What contributes to women’s insecurity in Medellin?

During fieldwork in May and June this year, I spoke with activists working in the many women’s movements and grassroots organizations in Medellin organized under the MESA DE TRABAJO DE MUJER DE MEDELLIN. All of the activists I interviewed described the situation of insecurity that many women experience in Medellin in both the private (e.g. the home) and the public spheres. Women tend to avoid certain public spaces (e.g. dirty areas, parks with little illumination) in the city because they are afraid of being harassed, beaten, or raped.

What contributes to women’s insecurity in Medellin?

According to the women’s movements and grassroots organizations, aside from patriarchy and machismo culture, state urban planning spatial policies -known as the Plan de Ordenamiento Territorial or POT- contribute to making the city unsafe for women. All municipalities in Colombia by mandate must have spatial planning policies. Furthermore, these spatial policies must be revised after some years. After revising Medellin’s POT, the MESA DE TRABAJO DE MUJER DE MEDELLIN observed that the urban planning spatial policies:

  • Were gender blind.
  • Did not address public security for women, only security in general.

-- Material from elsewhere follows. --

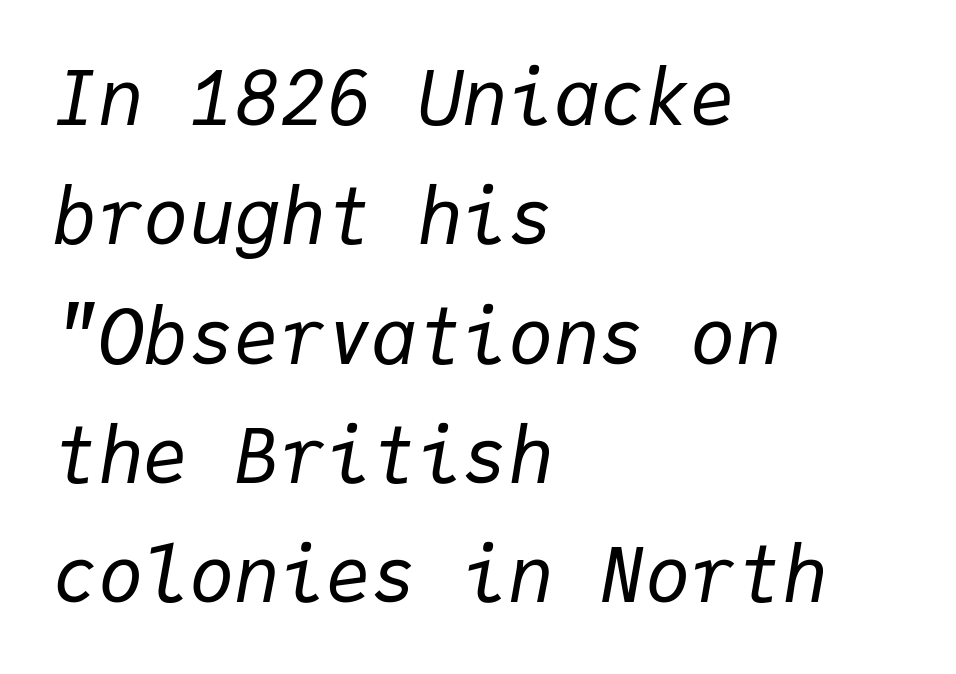
{"italic": "yes", "lean": "right", "slant_degrees": 9, "bold": "no", "weight": "regular", "width": "normal", "stroke_contrast": "low", "x_height": "medium", "monospaced": "yes", "underline": "no", "align": "left", "line_spacing": "normal", "line_spacing_ratio": 1.57, "letter_spacing": "normal", "letter_spacing_em": 0.0, "glyph_px": 76}

Thus, violence against women tends to be neglected.
  • Created a built environment unsafe for women.

During the revision of Medellin’s POT in 2014, the MESA DE TRABAJO DE MUJER DE MEDELLIN went to various participation spaces demanding state urban planners and practitioners the inclusion of a gender perspective. Here too, they encountered obstacles. For instance, some urban planning practitioners initially refused to include a gender perspective in the POT.

Today, Medellin’s POT includes the principle of a gender perspective. Despite this achievement in urban planning spatial policies, the MESA DE TRABAJO DE MUJER DE MEDELLIN pointed out that the gender perspective in the POT was still too abstract.

“This is the next step”, one activist told me, “turning the gender perspective in Medellin’s urban spatial policies into practices for a safer city for women”.